就不再人丁單薄,會如同這梧桐樹一樣,經歷一番風雨后,重新開枝散葉,根深葉茂。”
說著,男人壓低了聲音:“我想今晚再繼續努力!”
蘇垂柳皺起了眉頭,欲拒還迎道:“明天就是慈善晚會了,我們要清心寡欲”。
“可是綿延子嗣,也是一種慈善,而且功在千秋,你知道愚公為什么能說動神仙,幫他一起移山嗎?”莫君飲一本正經的問道。
“不是給他的愚公精神感動了嗎?”蘇垂柳歪著腦袋說道。
“不···”莫君飲伸出手指,在蘇垂柳的面前搖晃著。
接著說道:“是因為愚公是一定要把這山給移掉的,他說子子孫孫無窮匱也。
所以他白天很努力移山,晚上還接著努力,神仙就是給他這種堅持不懈的努力,而感動的。”
這···算歪門邪道嗎?
主神爸爸一本正經胡說八道。
四目交接,電閃雷鳴。
女人能感覺到莫君飲那濃重的愛意。
他真的很在乎她。
不管她的來歷是不是非比尋常。
莫君飲這樣做,無非是想給蘇垂柳吃一顆定心丸。
“你既然已經是我的妻,不管怎么樣,我護住你,那都是理所當然的事情。”
“我沒有賭錯你。”蘇垂柳媚眼如絲道。
就在這時,莫君飲的電話響了起來。
是云沫打來的。
本來莫君飲是不想去的。
蘇垂柳勾唇笑道:“我送你去,我在樓下的車上等你。
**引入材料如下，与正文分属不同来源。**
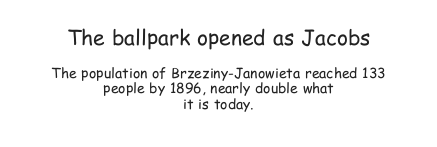
The image shows 21 px text type, upright; set centered, tight line spacing (1.1x), normal letter spacing, not underlined; the first (top) block is 1.5x larger.
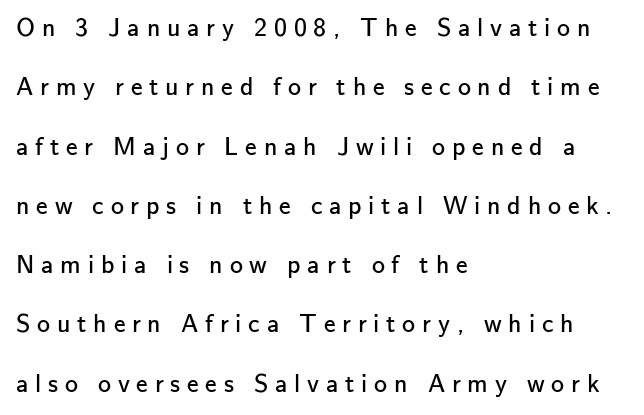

”
知己知彼百戰不殆,才是上上之策。
原劇情里,那個深藏不露的大師,給氣運之女也給蘇垂柳批過命。
后來都一一實現了。
而且狗蛋也說,那個人非同凡可。
蘇垂柳想見見。
而且這個點,這個時候,云沫忽然打電話來約莫君飲。
就是反常的事情——比如和出名的兔子下鍋走豬頭一樣。
非比尋常。
道理也深入淺出:家里煮開的鍋里,跑入兔子。
或者有豬頭自己跌落,滾入到了人家里。
匪夷所思。
這些看似荒誕不羈的事情,往往預兆的是禍事,兔子下鍋的被誣陷下大獄,豬頭滾落的身首異處。
難道這個大師真的會對她產生巨大的影響?
甚至是連命都不保不住?
蘇垂柳的眸子里閃著隱晦不明的光。
莫君飲看著女人又歪著腦袋發呆,在他的額頭上蜻蜓點水了下。
甚至努力的又吹了一通彩虹屁,聲音里都是寵溺道:“你不要害怕,天塌下來,我會幫你扛著。”
“不會讓它砸到你。”
“那我們就一言為定。”
莫君飲嗯了一聲,拍著胸脯道:“君子一言駟馬難追,還請我的夫人,專心致志給我生兒育女就好。”
生兒育女本來就需要一心一意的,難道還有人生個孩子還三心二意?
主神爸爸的腦回路真是非比尋常。
莫君飲簡單的收拾了下,依舊是一身白色的襯衫,打著得體的藍色領帶。
整個人顯得神采奕奕,蘇垂柳為了緩解氣氛,故意一拍大腿:“我的老公真是器宇軒昂,英雄蓋世啊!”
她在夸他?
莫君飲對著鏡子微微一笑,第一次覺得長得帥也是一種優勢。
至少讓她賞心悅目了。
那就夠了……
包廂里···
云沫今天的妝容也是精心設計的,整個人不僅顯得更加的成熟和有魅力了。
V領裝下,那呼之欲出的半圓,更是讓人想入非非。
在喝著上等茶的假道士,看得心猿意馬了,一不留神燙到嘴,把個嘴嘬的跟公雞似得,嘴唇紅腫,看著滑稽。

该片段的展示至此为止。